Arnaldo Arrieta September 1, 2015 by under Cloud Hosting 0 Comments

Introduction

MediaWiki is a wiki application written in PHP that the Wikimedia Foundation developed to run several of their projects. The encyclopedia Wikipedia is the most popular of these projects.

A wiki is a type of website that allows its users to create and edit content in a collaborative manner. It can be used in several ways, including as a knowledge base, documentation library, community website, or company intranet.

These kinds of websites are especially useful in contexts where several people need to create and modify pages in a quick and easy way.

This guide will show you how to install and set up the application, giving you the basis to deploy your own wiki site.

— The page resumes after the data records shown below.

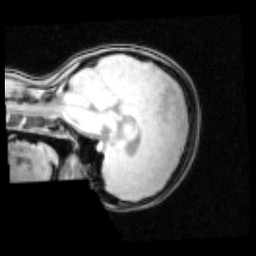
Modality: PDw
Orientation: sagittal
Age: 21
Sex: female
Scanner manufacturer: siemens
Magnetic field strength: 3 T
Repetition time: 0.25 s
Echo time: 0.00103 s
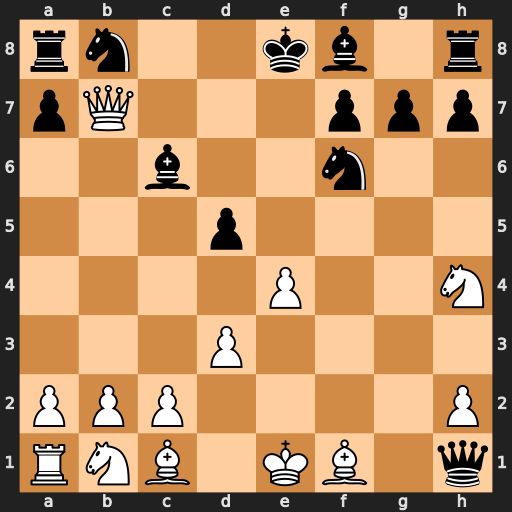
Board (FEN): rn2kb1r/pQ3ppp/2b2n2/3p4/4P2N/3P4/PPP4P/RNB1KB1q
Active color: w
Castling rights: Qkq
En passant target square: -
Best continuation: Qc8+ Ke7 Nf5#
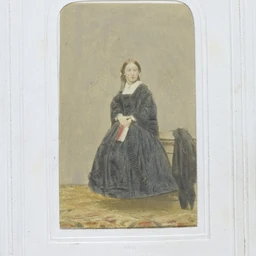
Title: Princess Helena
Artist: John Jabez Edwin Mayall
Caption: princess helena, photograph, 19th century, albumen silver print, photography, john jabez edwin mayall, a work made of albumen print, photography and media, art institute of chicago
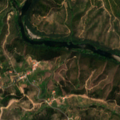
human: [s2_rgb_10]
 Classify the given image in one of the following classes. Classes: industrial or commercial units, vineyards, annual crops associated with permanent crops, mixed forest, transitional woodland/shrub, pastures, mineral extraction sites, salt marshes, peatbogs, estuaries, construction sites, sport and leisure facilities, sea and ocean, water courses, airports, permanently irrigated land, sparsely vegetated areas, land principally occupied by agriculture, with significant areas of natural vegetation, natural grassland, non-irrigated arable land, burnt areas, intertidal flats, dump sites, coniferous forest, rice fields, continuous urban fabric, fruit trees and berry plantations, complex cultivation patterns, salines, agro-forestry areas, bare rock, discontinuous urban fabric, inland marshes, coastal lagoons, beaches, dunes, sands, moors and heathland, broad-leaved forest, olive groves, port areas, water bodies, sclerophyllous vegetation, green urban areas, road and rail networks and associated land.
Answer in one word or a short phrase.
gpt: complex cultivation patterns, transitional woodland/shrub
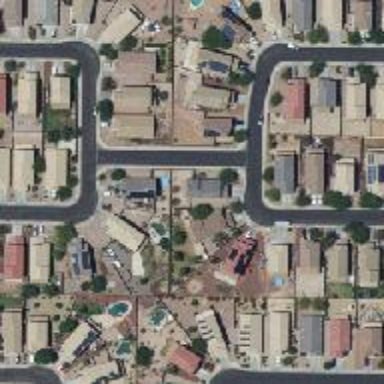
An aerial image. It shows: Residential road.
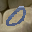
Label: 0

We will use the domain name “example.com” in this guide. Replace it with the domain name or IP address you have configured on your server.

 

Prerequisites

– An Ubuntu 14.04 server. You can run MediaWiki on a different flavor of GNU/Linux, but the steps outlined below could differ. If you do not have one, why not spin up a fast SSD Cloud server from Atlantic.Net.

Installing MediaWiki on Ubuntu 14.04

Before you begin, make sure your system is updated. From the command line, type:

sudo apt-get update
sudo apt-get upgrade

Proceed to install the package:

sudo apt-get install mediawiki

The package management system will install all the dependencies required.

The MySQL database server is one of these dependencies. If MySQL is not already installed on your server, then the installer will prompt you for a password for the root MySQL user. Remember to choose a unique, secure password, different from the server user’s. Keep this password handy. You’ll need it again later during this installation.

 

There are also certain optional software packages used by MediaWiki that could be installed at this time. Although optional, they do provide useful features:

Imagemagick: a package used to create image thumbnails.
PHP5-intl: a PHP extension used for Unicode normalization.
PHP-apc: a package that provides cache features to PHP.

 

To install these optional packages, from the command line:

sudo apt-get install imagemagick php5-intl php-apc

 

Initial Configuration of MediaWiki

There are several configuration tasks to perform both on the server and with the guided web GUI before you will be able to use the wiki.

Configure Apache

The first step is to configure the Apache web server.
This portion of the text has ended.